Copy every line from the one containing "Q: Is the typeface" through the last line of the records below, both included, and nothing else.

• _Available data_
---

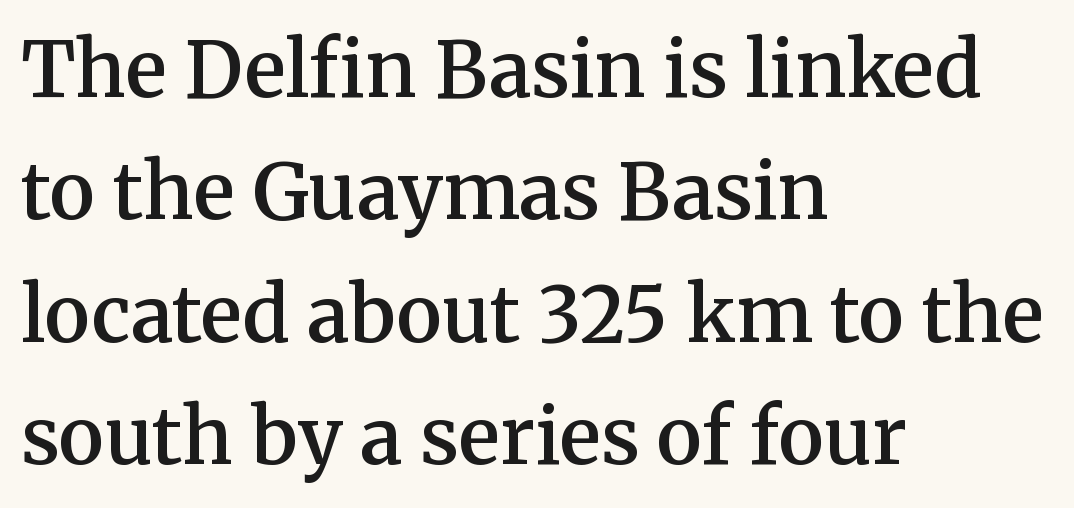
Q: Is the text bold? A: Semi-bold.
Q: Is the text italic (slanted)? A: No, it is upright.
Q: Is the typeface a serif or a sans-serif typeface? A: Serif.
Q: Is the text underlined? A: No.
Q: How is the paragraph aligned? A: Left-aligned.
Q: Is the spacing between letters normal or unusually wide? A: Normal.
Q: Is the spacing between lines tight, normal or loose? A: Normal.
Q: Width (condensed, normal, or wide)? A: Normal.
Q: Stroke contrast? A: Medium.
Q: x-height? A: Medium.
Q: Monospaced? A: No.

---

• _Result of the exercise_
Q: Is the typeface a serif or a sans-serif typeface? A: Serif.
Q: Is the text underlined? A: No.
Q: How is the paragraph aligned? A: Left-aligned.
Q: Is the spacing between letters normal or unusually wide? A: Normal.
Q: Is the spacing between lines tight, normal or loose? A: Normal.
Q: Width (condensed, normal, or wide)? A: Normal.
Q: Stroke contrast? A: Medium.
Q: x-height? A: Medium.
Q: Monospaced? A: No.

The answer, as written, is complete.